Bcl-2 belongs to a family of apoptosis-regulatory proteins which incorporate into the outer mitochondrial as well as nuclear membranes. The mechanism by which the proto-oncogene product Bcl-2 inhibits apoptosis is thus far elusive. We and others have shown previously that the first biochemical alteration detectable in cells undergoing apoptosis, well before nuclear changes become manifest, is a collapse of the mitochondrial inner membrane potential (delta psi m), suggesting the involvement of mitochondrial products in the apoptotic cascade. Here we show that mitochondria contain a pre-formed approximately 50-kD protein which is released upon delta psi m disruption and which, in a cell-free in vitro system, causes isolated nuclei to undergo apoptotic changes such as chromatin condensation and internucleosomal DNA fragmentation. This apoptosis-inducing factor (AIF) is blocked by N-benzyloxycarbonyl-Val-Ala-Asp.fluoromethylketone (Z-VAD.fmk), an antagonist of interleukin-1 beta-converting enzyme (ICE)-like proteases that is also an efficient inhibitor of apoptosis in cells. We have tested the effect of Bcl-2 on the formation, release, and action of AIF. When preventing mitochondrial permeability transition (which accounts for the pre-apoptotic delta psi m disruption in cells), Bcl-2 hyperexpressed in the outer mitochondrial membrane also impedes the release of AIF from isolated mitochondria in vitro.

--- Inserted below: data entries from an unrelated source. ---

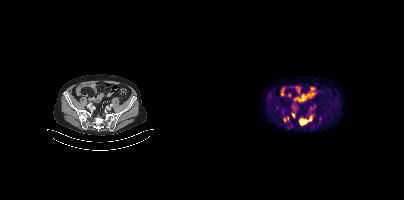
Technique: Two-panel axial: CT | PSMA PET, [18F]PSMA-1007 tracer. slice 113 of 429.
Findings: Coordinates are on the 200×200 PET (right) panel. (showing 5 of 6 foci) PSMA-avid tumor lesion bounding boxes (x, y, width, height): x=95 y=116 w=15 h=9 | x=88 y=113 w=3 h=5. Small PSMA-avid foci (2 to 4 px across) near (center x, center y): (80, 119) | (65, 95) | (83, 118).
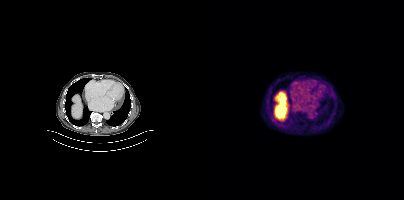
No PSMA-avid tumor lesions on this slice.
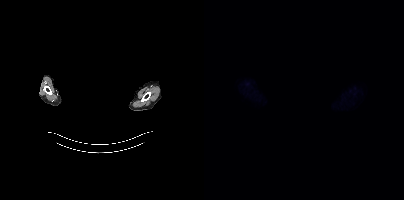
{"pet_grid":[200,200],"coord_frame":"pet_panel","coord_format":"x0,y0,x1,y1","psma_avid_lesions":false,"de-identification":"rectangular block over head set to black","modality":"PSMA PET/CT","view":"axial","tracer":"[18F]PSMA-1007"}
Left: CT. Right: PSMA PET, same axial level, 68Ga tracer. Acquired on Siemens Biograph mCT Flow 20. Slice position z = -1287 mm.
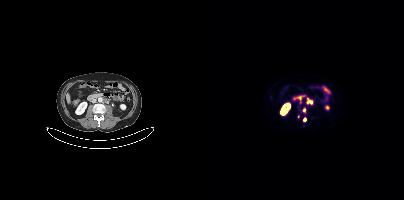
Coordinates are on the 200×200 PET (right) panel. PSMA-avid tumor lesion bounding boxes (x0,y0,x1,y1): [103,101,108,103]; [95,98,97,103]. Small PSMA-avid foci (2 to 4 px across) near (center x, center y): (100, 110); (100, 120); (103, 98); (94, 116).
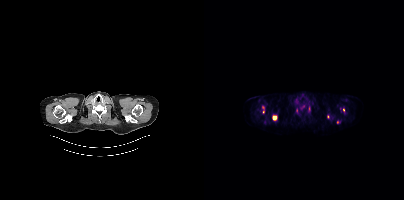
{"modality":"PSMA PET/CT","view":"axial","tracer":"18F","pet_grid":[200,200],"coord_frame":"pet_panel","coord_format":"x0,y0,x1,y1","partial":true,"lesion_bboxes":[[68,116,72,120]],"small_foci_centers":[[139,109]]}
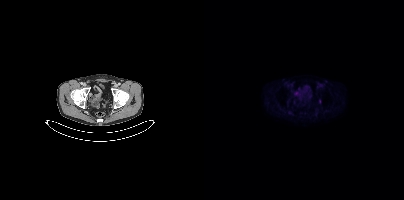
Findings: Coordinates are on the 200×200 PET (right) panel. Small PSMA-avid focus (2 to 4 px across) near (center x, center y): (115, 101).
- Paired axial CT (left) and PSMA PET (right), 18F-PSMA tracer
- slice position z = -946 mm
- PET panel 200×200 px (4.1 mm/px)
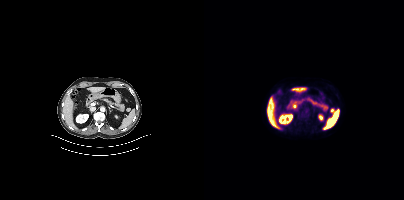
Coordinates are on the 200×200 PET (right) panel. Small PSMA-avid focus (2 to 4 px across) near (center x, center y): (128, 110). Paired axial CT (left) and PSMA PET (right), 18F-PSMA tracer.
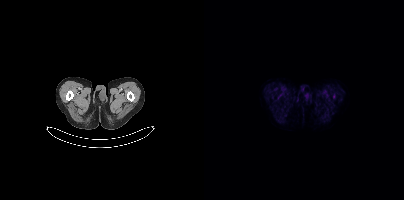
Two-panel axial: CT | PSMA PET, 18F-PSMA tracer. Negative for PSMA-avid disease on this slice.
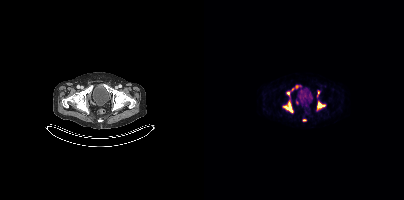
Paired axial CT (left) and PSMA PET (right), 18F tracer. Acquired on Siemens Biograph mCT Flow 20. Slice position z = -971 mm.
Coordinates are on the 200×200 PET (right) panel. PSMA-avid tumor lesion bounding boxes (partial; 1 more focus not listed):
| # | x0 | y0 | x1 | y1 |
|---|---|---|---|---|
| 1 | 79 | 101 | 88 | 112 |
| 2 | 113 | 102 | 120 | 108 |
Small PSMA-avid foci (2 to 4 px across) near (center x, center y): (93, 102); (84, 93); (114, 93); (92, 86); (88, 89).
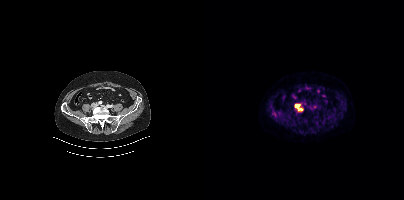
Technique: Two-panel axial: CT | PSMA PET, 18F-PSMA tracer. acquired on Siemens Biograph mCT Flow 20. slice 133 of 454. PET panel 200×200 px (4.1 mm/px).
Findings: Coordinates are on the 200×200 PET (right) panel. PSMA-avid tumor lesion bounding box (x, y, width, height): x=91 y=104 w=5 h=4.
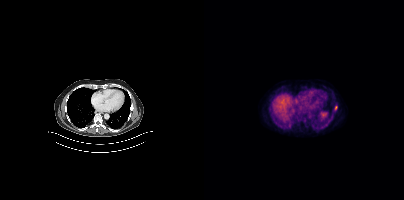
Coordinates are on the 200×200 PET (right) panel. (showing 1 of 2 foci) PSMA-avid tumor lesion bounding box (x0, y0)-(x1, y1): (130, 105)-(133, 109).
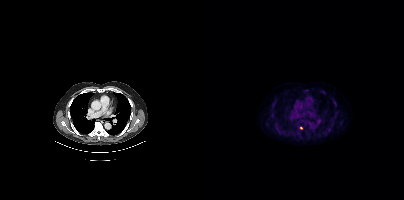
Technique: Left: CT. Right: PSMA PET, same axial level, 18F tracer. slice 294 of 417. PET panel 200×200 px (4.1 mm/px).
Findings: Coordinates are on the 200×200 PET (right) panel. Small PSMA-avid focus (2 to 4 px across) near (center x, center y): (97, 128).
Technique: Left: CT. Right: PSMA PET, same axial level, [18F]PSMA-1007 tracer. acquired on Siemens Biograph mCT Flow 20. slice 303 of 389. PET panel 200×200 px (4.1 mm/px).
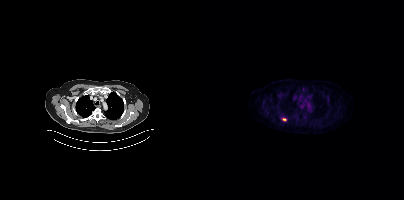
Findings: Coordinates are on the 200×200 PET (right) panel. PSMA-avid tumor lesion bounding box (x0,y0,x1,y1): [78,118,82,121].
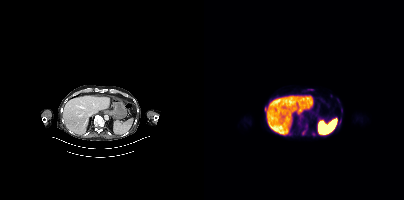
Coordinates are on the 200×200 PET (right) panel. (showing 8 of 10 foci) PSMA-avid tumor lesion bounding boxes (x, y, width, height): x=98 y=123 w=6 h=12 / x=102 y=89 w=9 h=3 / x=61 y=107 w=3 h=6 / x=135 y=118 w=3 h=6. Small PSMA-avid foci (2 to 4 px across) near (center x, center y): (95, 123) / (109, 134) / (137, 111) / (133, 99).
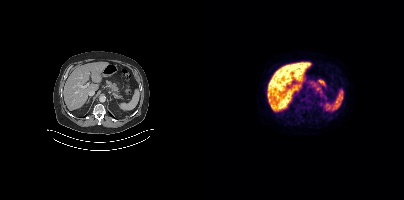
{"modality":"PSMA PET/CT","view":"axial","tracer":"18F-PSMA","pet_grid":[200,200],"coord_frame":"pet_panel","coord_format":"x0,y0,x1,y1","lesion_bboxes":[[91,109,95,113],[106,101,109,105]]}
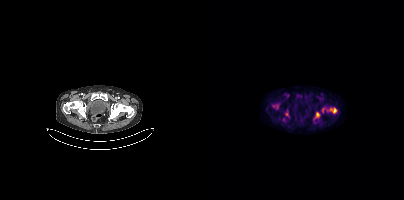
Paired axial CT (left) and PSMA PET (right), 18F-PSMA tracer. PET panel 200×200 px (4.1 mm/px).
Coordinates are on the 200×200 PET (right) panel. PSMA-avid tumor lesion bounding boxes (partial; 1 more focus not listed):
| # | x0 | y0 | x1 | y1 |
|---|---|---|---|---|
| 1 | 126 | 108 | 132 | 113 |
| 2 | 112 | 112 | 115 | 117 |
Small PSMA-avid foci (2 to 4 px across) near (center x, center y): (83, 114); (69, 105).
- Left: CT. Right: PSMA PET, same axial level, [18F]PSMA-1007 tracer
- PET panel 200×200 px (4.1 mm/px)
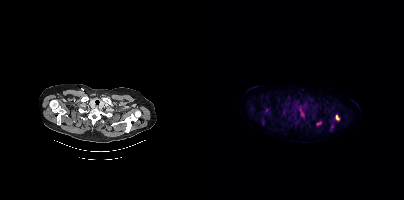
Findings: Coordinates are on the 200×200 PET (right) panel. (showing 3 of 4 foci) PSMA-avid tumor lesion bounding boxes (x, y, width, height): x=95 y=108 w=6 h=10 / x=131 y=115 w=5 h=6 / x=113 y=122 w=5 h=4.
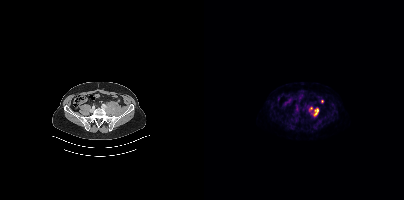
Coordinates are on the 200×200 PET (right) panel. PSMA-avid tumor lesion bounding boxes:
| # | x0 | y0 | x1 | y1 |
|---|---|---|---|---|
| 1 | 109 | 108 | 114 | 116 |
Small PSMA-avid foci (2 to 4 px across) near (center x, center y): (106, 108); (118, 101).
Paired axial CT (left) and PSMA PET (right), 18F-PSMA tracer.
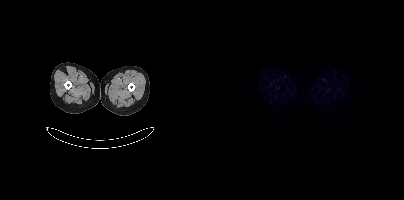
Negative for PSMA-avid disease on this slice. Paired axial CT (left) and PSMA PET (right), 18F tracer. Acquired on Siemens Biograph mCT Flow 20. Slice position z = -926 mm. PET panel 200×200 px (4.1 mm/px).
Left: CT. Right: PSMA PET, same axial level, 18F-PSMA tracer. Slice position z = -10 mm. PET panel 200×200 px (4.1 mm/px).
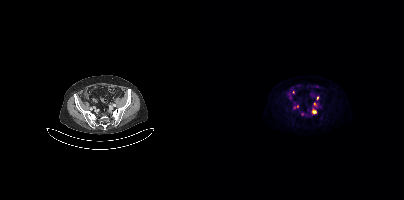
Coordinates are on the 200×200 PET (right) panel. PSMA-avid tumor lesion bounding boxes (partial; 1 more focus not listed):
| # | x0 | y0 | x1 | y1 |
|---|---|---|---|---|
| 1 | 108 | 110 | 112 | 113 |
Small PSMA-avid foci (2 to 4 px across) near (center x, center y): (93, 106); (110, 104); (89, 92); (90, 107); (113, 97).
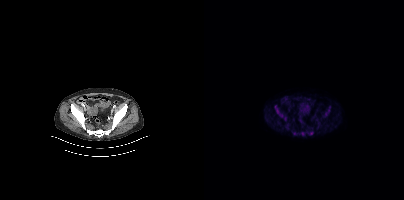
Coordinates are on the 200×200 PET (right) panel. (showing 6 of 8 foci) PSMA-avid tumor lesion bounding boxes (x0,y0,x1,y1): [71,106,79,117]; [121,109,125,116]. Small PSMA-avid foci (2 to 4 px across) near (center x, center y): (98, 133); (107, 133); (90, 133); (80, 118).
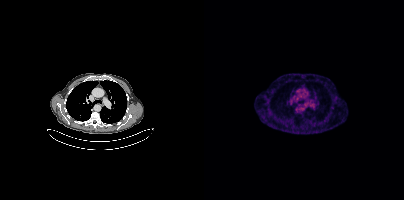
Technique: Two-panel axial: CT | PSMA PET, [68Ga]Ga-PSMA-11 tracer.
Findings: This slice has no annotated PSMA-avid lesion.
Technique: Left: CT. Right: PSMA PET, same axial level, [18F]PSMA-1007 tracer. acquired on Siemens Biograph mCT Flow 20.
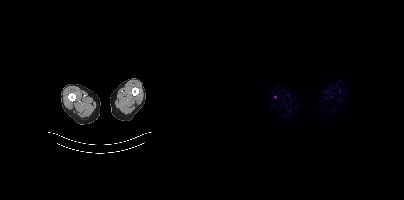
Findings: Only PSMA-avid lesion pieces thinner than 2 px on this slice (not listed).
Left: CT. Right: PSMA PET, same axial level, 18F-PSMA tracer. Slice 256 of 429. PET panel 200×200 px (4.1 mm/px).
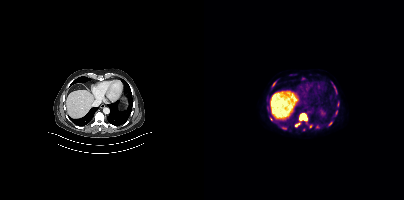
Coordinates are on the 200×200 PET (right) panel. PSMA-avid tumor lesion bounding boxes (partial; 1 more focus not listed):
| # | x0 | y0 | x1 | y1 |
|---|---|---|---|---|
| 1 | 95 | 113 | 103 | 120 |
| 2 | 68 | 82 | 71 | 86 |
| 3 | 78 | 127 | 82 | 129 |
Small PSMA-avid foci (2 to 4 px across) near (center x, center y): (132, 112); (67, 119); (92, 125); (106, 126); (126, 123).
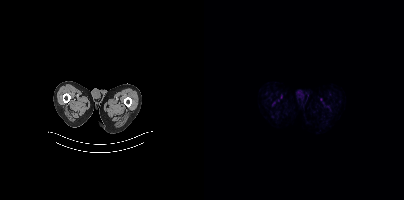
Paired axial CT (left) and PSMA PET (right), [18F]PSMA-1007 tracer. Slice 14 of 415. No tumor lesions annotated on this slice.
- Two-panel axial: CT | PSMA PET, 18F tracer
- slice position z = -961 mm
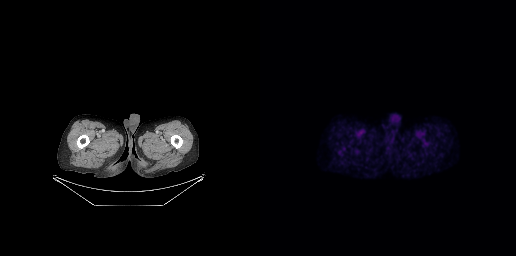
Findings: No PSMA-avid tumor lesions on this slice.
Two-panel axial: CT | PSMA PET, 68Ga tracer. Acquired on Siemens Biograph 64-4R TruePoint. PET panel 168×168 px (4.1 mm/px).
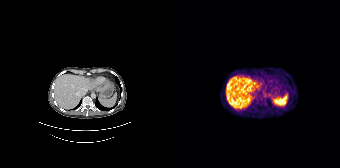
No PSMA-avid tumor lesions on this slice.
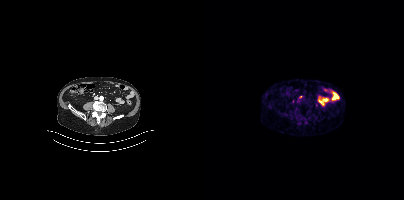
modality: PSMA PET/CT | tracer: 68Ga | view: axial | PET grid: 200×200
Coordinates are on the 200×200 PET (right) panel. Small PSMA-avid focus (2 to 4 px across) near (center x, center y): (96, 96).
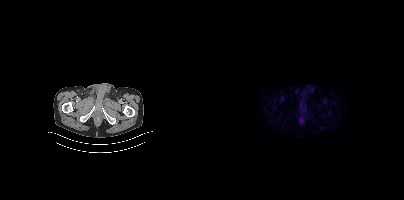
No PSMA-avid tumor lesions on this slice.
modality: PSMA PET/CT | tracer: 18F-PSMA | view: axial | PET grid: 200×200
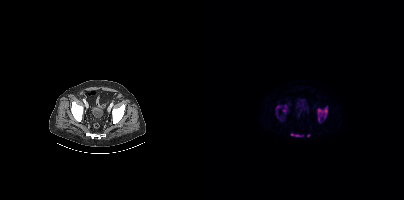
Left: CT. Right: PSMA PET, same axial level, [18F]PSMA-1007 tracer. Slice 91 of 423. Coordinates are on the 200×200 PET (right) panel. PSMA-avid tumor lesion bounding boxes (x0,y0,x1,y1): [113,106,123,122], [87,133,99,136], [78,105,83,113], [72,105,77,110], [72,112,74,117]. Small PSMA-avid focus (2 to 4 px across) near (center x, center y): (104, 135).

In contrast, Bcl-2 does not affect the formation of AIF, which is contained in comparable quantities in control mitochondria and in mitochondria from Bcl-2-hyperexpressing cells. Furthermore, the presence of Bcl-2 in the nuclear membrane does not interfere with the action of AIF on the nucleus, nor does Bcl-2 hyperexpression protect cells against AIF. It thus appears that Bcl-2 prevents apoptosis by favoring the retention of an apoptogenic protease in mitochondria.